Cronulla-Sutherland District Rugby Football League
- Sport: Rugby league
- Instituted: 1964
- Number of teams: 16 (11 senior)
- Region: Sutherland Shire, Sydney (New South Wales Rugby League)
- Premiers: St Joseph’s JRLFC (2023)
- Related competition: Sydney Combined Competition

= Cronulla-Sutherland District Rugby Football League =

Australian sporting competition

The Cronulla-Sutherland District Rugby Football League (Cronulla-Sutherland District Junior Rugby Football League in the case of junior football) is an amateur competition for rugby league clubs in and around the Sutherland Shire district of Sydney, New South Wales, Australia.

The Cronulla-Sutherland District Rugby Football League was formed in the early 1950s following the formation of several new Sutherland Shire based clubs and the arrangement of a committee that would eventually become the CSDRFL. All Shire based clubs had previously played in several Inter-District matches throughout the year but with the formation of a localised Sutherland league these were no longer deemed necessary.

The Cronulla-Sutherland Junior District Rugby Football League was formed in 1963 after a general meeting among several of the already established junior clubs whom decided it would be beneficial to form and arrange an annual competition amongst themselves and other teams in the Sutherland Shire.
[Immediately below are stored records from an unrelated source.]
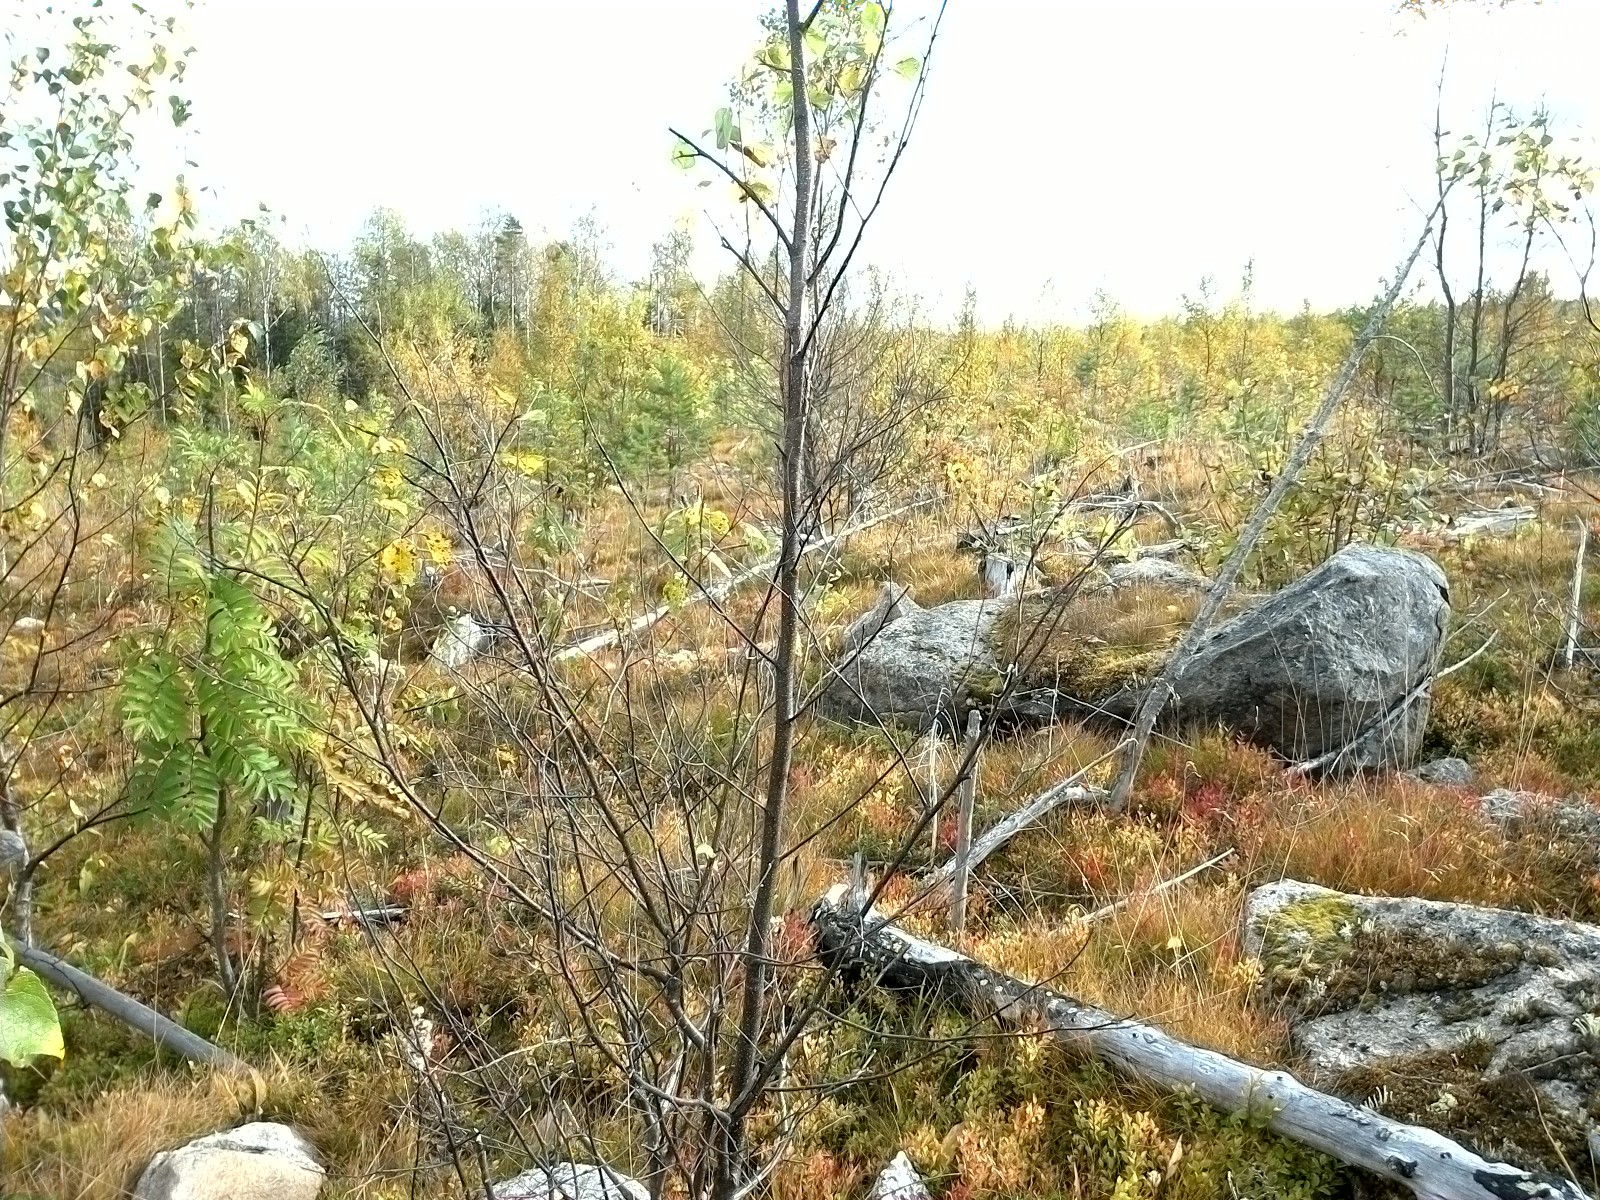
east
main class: Woodland
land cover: Broadleaved woodland
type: boreal forest
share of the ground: 25 - 50 %
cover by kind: herbaceous plants 55 %, broadleaved forest trees 25 %, shrubs 20 %
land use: Forestry
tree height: < 5 m
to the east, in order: Broadleaved woodland; Spruce dominated mixed woodland; Shrubland with sparse tree cover; Broadleaved woodland; Spruce dominated mixed woodland; Broadleaved woodland
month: September
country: SE
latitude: 62.2480
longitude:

Since its inception several new teams have gradually joined the association where the team numbers now stand at a total of sixteen clubs.

==District clubs==

| Club | Formed | Home Ground |
|---|---|---|
| Aquinas Holy Family Colts | 1992 | Blaxland Oval |
| Como Jannali | 1947 | Scylla Bay Oval |
| Cronulla-Caringbah Sharks | 1952 | Cronulla High School |
| De La Salle |  | Woolooware Oval |
| Engadine Dragons | 1958 | ANZAC Park |
| Gymea Gorillas | 1952 | Corea Oval |
| Kurnell Stingrays | 1991 | Marton Park |
| Menai Roosters | 1984 | Akuna Oval |
| St John Bosco Bulldogs |  | Boystown Oval |
| St Josephs | 1964 | Kareela Oval |
| St Patricks JRLFC | 1956 |  |
| Sutherland Loftus United | 1912 | Sutherland Oval |
| Taren Point Titans | 2004 | Gwawley Oval |
| Yarrawarrah Tigers |  | Yarrawarrah Oval |

== Southern Open Age ==
Southern Open Age (previously known as Cronulla A-Grade) is the premier rugby league competition clubs in the Cronulla-Sutherland and St. George districts of Sydney. After absorbing the St. George District A-Grade competition in 2021, the competition now features 12 clubs in 2023, across two divisions, Gold (First Grade) and Silver (Second Grade), the latter of which is split into two conferences.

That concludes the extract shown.